Challenges Identified:
- ❌ Information drift: LLM sometimes “forgets” confirmed numbers
- ❌ Over-asking: Still asks about children/elderly even when user said “I’m alone”
Version 4.0: Staged Information Collection (flooding_rescue_api_version.py)
Design Refinement: Implement explicit conversation stages
Staged Collection Logic:
class RescueSession:
def __init__(self):
# Stage tracking flags
self.adult_count_asked = False
self.adult_count_confirmed = False
self.children_elderly_asked = False
self.children_elderly_confirmed = False
self.info_confirmed = False # Stop asking when complete
Stage 1: Adult Count
if not session.adult_count_confirmed:
analysis_prompt = """Extract ONLY the number of ADULTS.
RULES:
- If user says "I'm alone": return ADULT=1
- If mentions specific number: return that number
- If says "we" without number: return N/A
Respond: ADULT: [number or N/A]
"""
# Once confirmed, move to Stage 2
if adult_count == 1:
# Special case: If alone, auto-set children=0, elderly=0
session.children_elderly_confirmed = True
Stage 2: Children and Elderly
if adult_count_confirmed and not children_elderly_confirmed:
analysis_prompt = """Extract CHILDREN and ELDERLY.
CRITICAL RULES:
- If mentions children but NOT elderly: CHILDREN=[n], ELDERLY=0
- If mentions elderly but NOT children: ELDERLY=[n], CHILDREN=0
- If says "no children": CHILDREN=0
- Return N/A only if not mentioned at all
"""
User Need Consideration:
- Efficiency: Stop analyzing once information is complete
- Intelligence: Infer implicit information (alone → no children/elderly)

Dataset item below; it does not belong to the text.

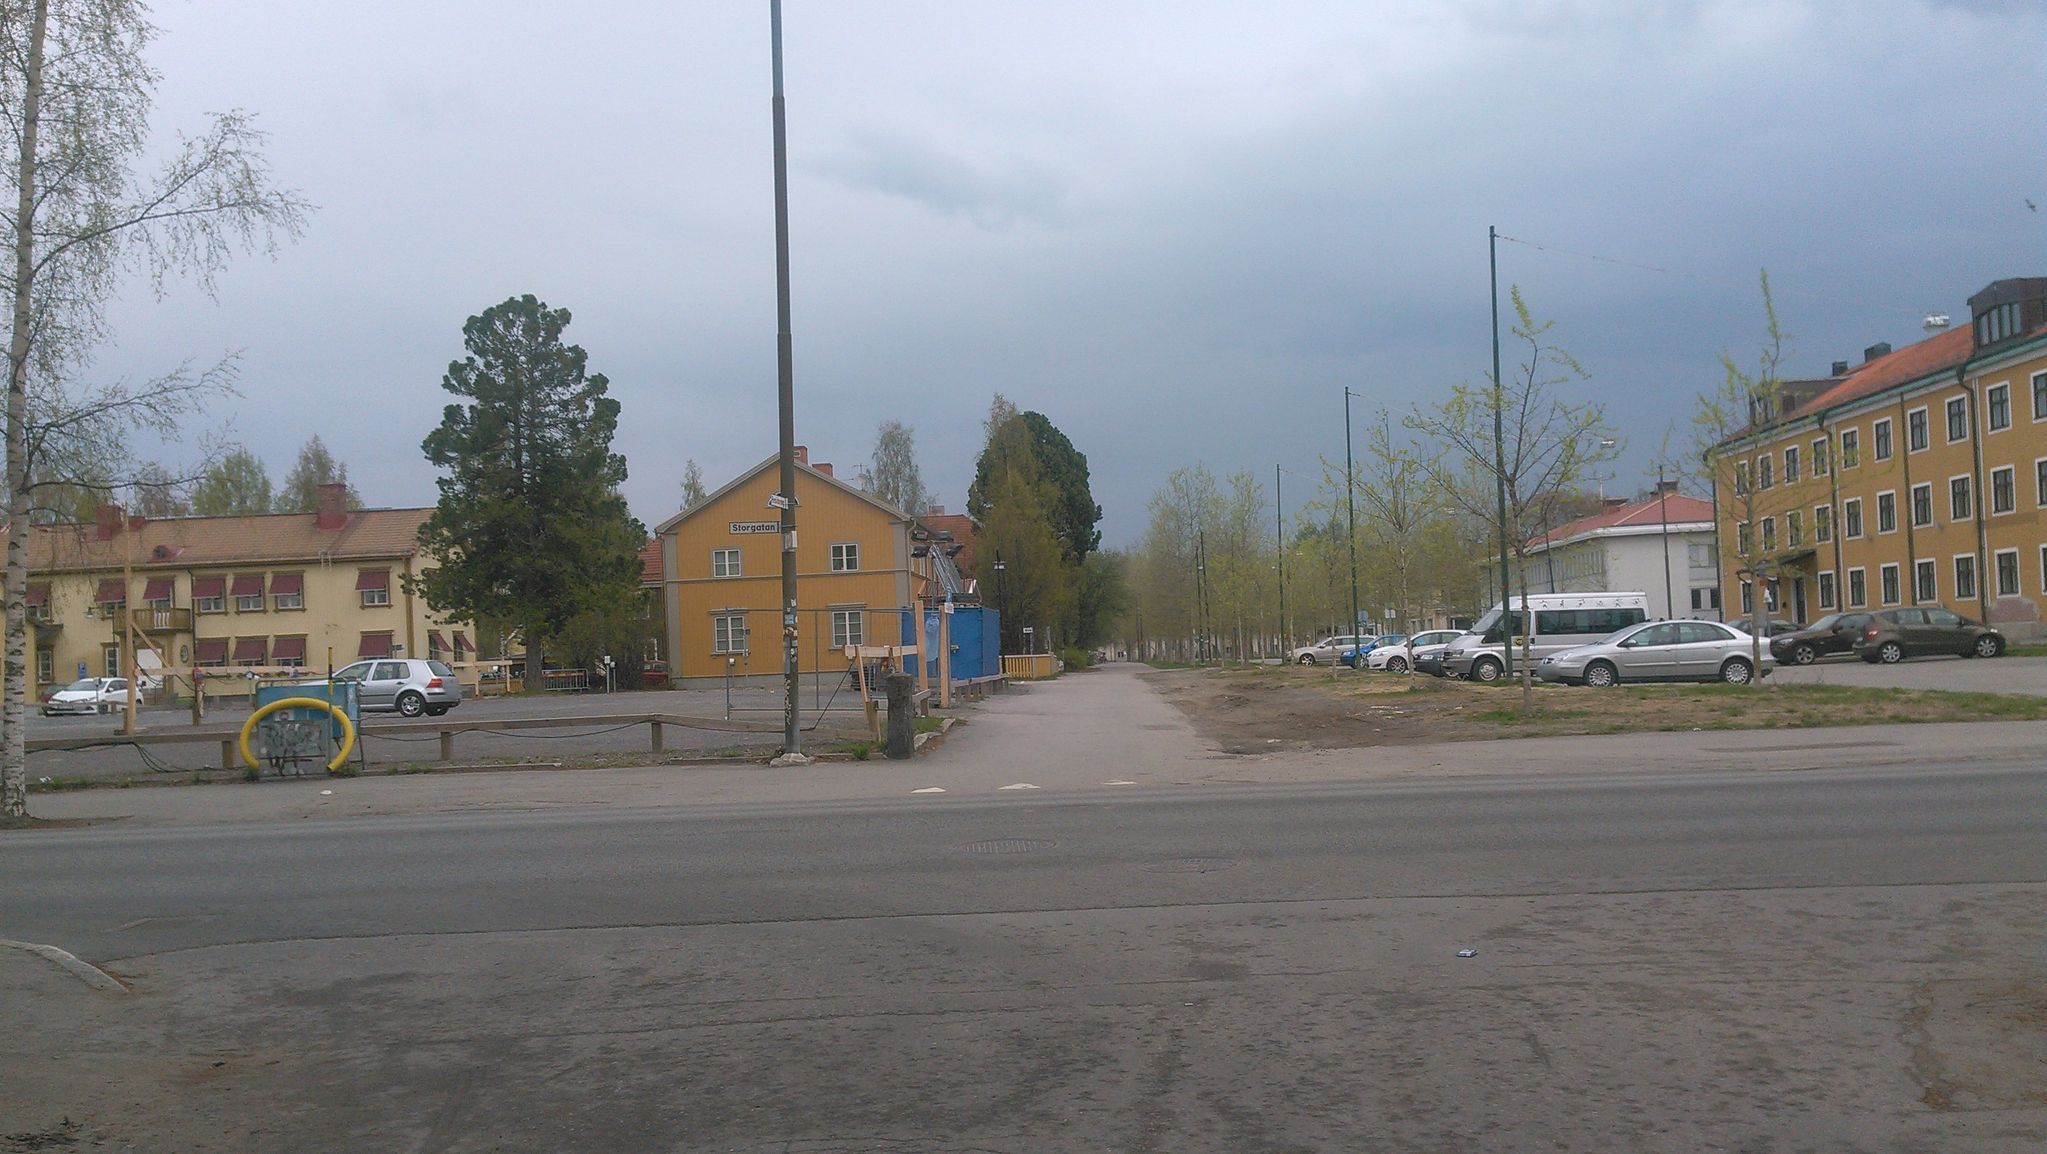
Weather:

- Consistency: Lock confirmed values to prevent drift
- Performance: Skip unnecessary LLM calls with
info_confirmedflag
Optimization:
def analyze_people_and_urgency(conversation_history):
# STOP unnecessary processing
if session.info_confirmed:
print("✅ All information confirmed, skipping LLM analysis")
return current_info
# Stage-based analysis
if not session.adult_count_confirmed:
# Only analyze adults
elif not session.children_elderly_confirmed:
# Only analyze children/elderly
else:
# Only update urgency status
Version 5.0: Frontend-Backend Separation (Final Version)
Architectural Components:
- Backend (FastAPI):
- WebSocket for real-time audio streaming
- REST API for message handling
- Session management
- AI model orchestration
- Frontend (HTML/CSS/JavaScript):
- Modern responsive UI
- Web Audio API for microphone access
- Real-time transcription display
- Status panels and visualizations
Integration Points:
# Backend WebSocket endpoint
@app.websocket("/ws/audio")
async def websocket_audio_endpoint(websocket: WebSocket):
await websocket.accept()
# Create ASR instance for this connection
local_asr = create_asr(model="paraformer-realtime-v2")
local_asr.start()
while not ws_closed:
audio_data = await websocket.receive()
local_asr.recognition.send_audio_frame(audio_data["bytes"])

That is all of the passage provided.